Task instructions – Please transcribe the data below in full. Omit any picture you find in it.

══ Records for the task ══

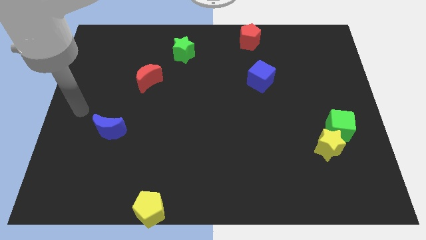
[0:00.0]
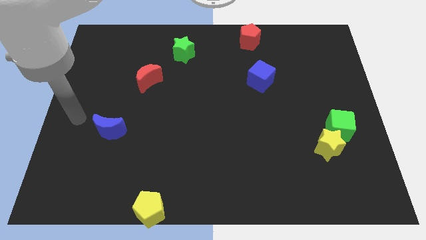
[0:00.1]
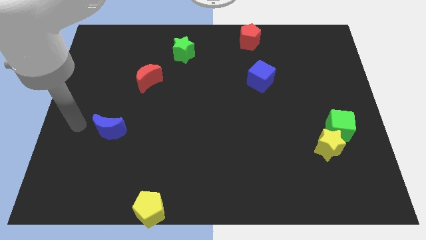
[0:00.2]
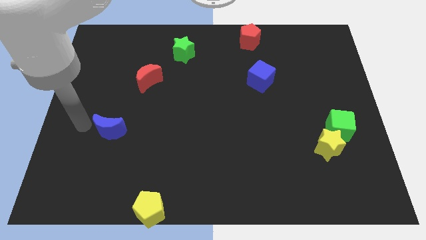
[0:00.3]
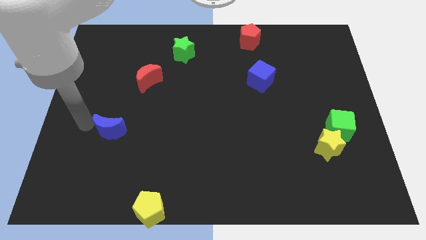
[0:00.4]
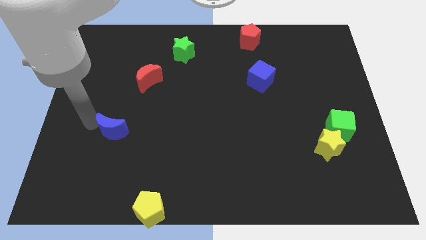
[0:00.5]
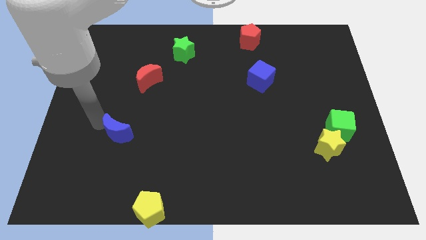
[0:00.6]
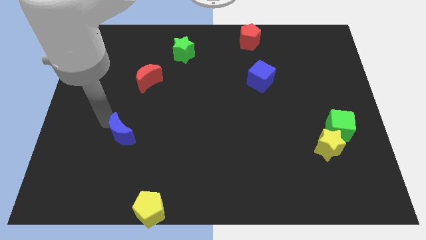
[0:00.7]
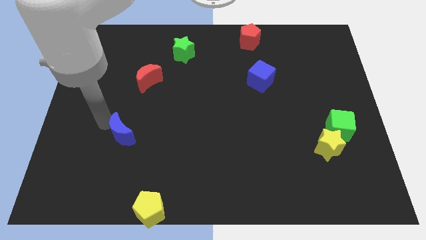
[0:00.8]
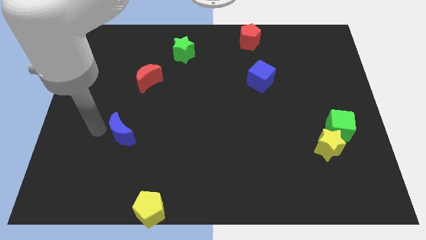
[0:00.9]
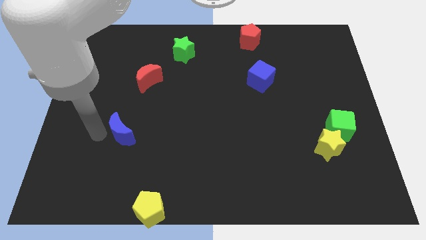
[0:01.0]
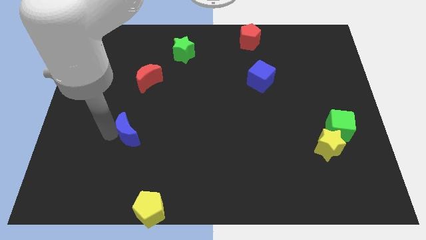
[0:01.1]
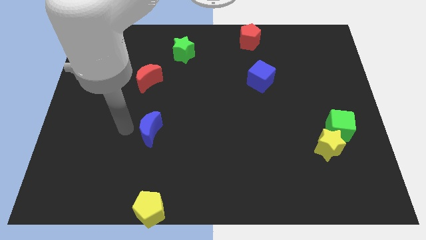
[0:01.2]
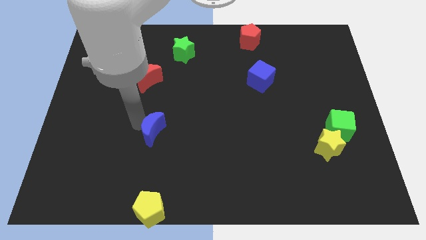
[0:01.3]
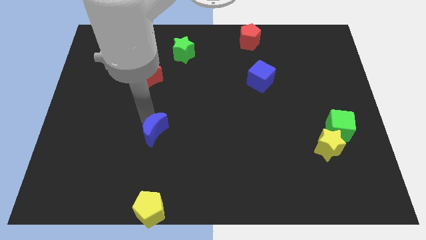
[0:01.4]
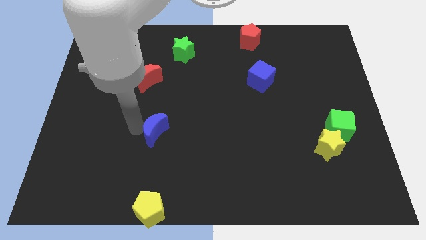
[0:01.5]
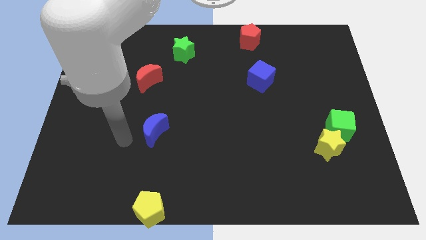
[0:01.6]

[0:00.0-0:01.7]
move the blue moon slightly towards the right

═══

Exercise output –
[0:00.0]
[0:00.1]
[0:00.2]
[0:00.3]
[0:00.4]
[0:00.5]
[0:00.6]
[0:00.7]
[0:00.8]
[0:00.9]
[0:01.0]
[0:01.1]
[0:01.2]
[0:01.3]
[0:01.4]
[0:01.5]
[0:01.6]

[0:00.0-0:01.7]
move the blue moon slightly towards the right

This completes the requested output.